It is a pre-processed [astrocytoma microarray dataset](https://www.refine.bio/experiments/GSE44971/gene-expression-data-from-pilocytic-astrocytoma-tumour-samples-and-normal-cerebellum-controls)
that we performed a set of [differential expression analyses on](scripts/00-setup-intro-to-R.R).
### Set Up
Use this chunk to load the `tidyverse` package.
```{r tidyverse, solution = TRUE}
```
Create a results directory if it doesn't exist.
```{r results_dir, solution = TRUE}
```
## Read in the gene results file
Use `readr::read_tsv()` to read in the file "gene_results_GSE44971.tsv" and
assign it the variable `stats_df`.
Recall that this notation means the `read_tsv()` function from the `readr` package.
If you have already loaded the `tidyverse` package above with `library()`,
you can use the function `read_tsv()` on its own without the preceding `readr::` as the `readr` package is loaded as part of `tidyverse`.
```{r read-data, solution = TRUE}
```
Use this chunk to explore what your data frame, `stats_df` looks like.

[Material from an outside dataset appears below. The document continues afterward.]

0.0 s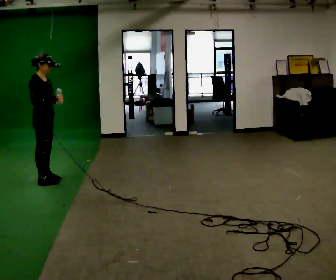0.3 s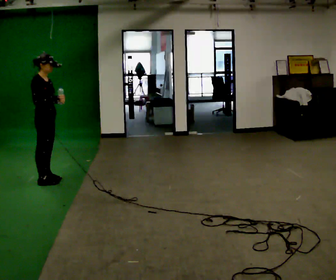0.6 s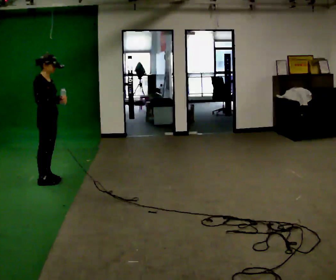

```{r explore-df, solution = TRUE}
```
## Read in the metadata
Use `readr::read_tsv()` to read in the file "cleaned_metadata_GSE44971.tsv" and assign it the name `metadata`.
```{r read-metadata, solution = TRUE}
```
Use this chunk to explore what your data frame, `metadata` looks like.
```{r explore-metadata, solution = TRUE}
```
### Selecting from data frames
Use `$` syntax to look at the `avg_expression` column of the `stats_df`
data frame.
```{r dollar, solution = TRUE}
```
Use the `min()` argument to find what the minimum average expression in this dataset is.
Remember you can use `?min` or the help panel to find out more about a function.
```{r minimum-expr, solution = TRUE}
# Find the minimum average expression value
```
Find the `log()`, using base 2, of the average expression values.
```{r log2-expr, solution = TRUE}
# Find the log of base 2 of the average expression
```
## Using logical arguments
Display the `adj_p_value` column of the `stats_df` data frame.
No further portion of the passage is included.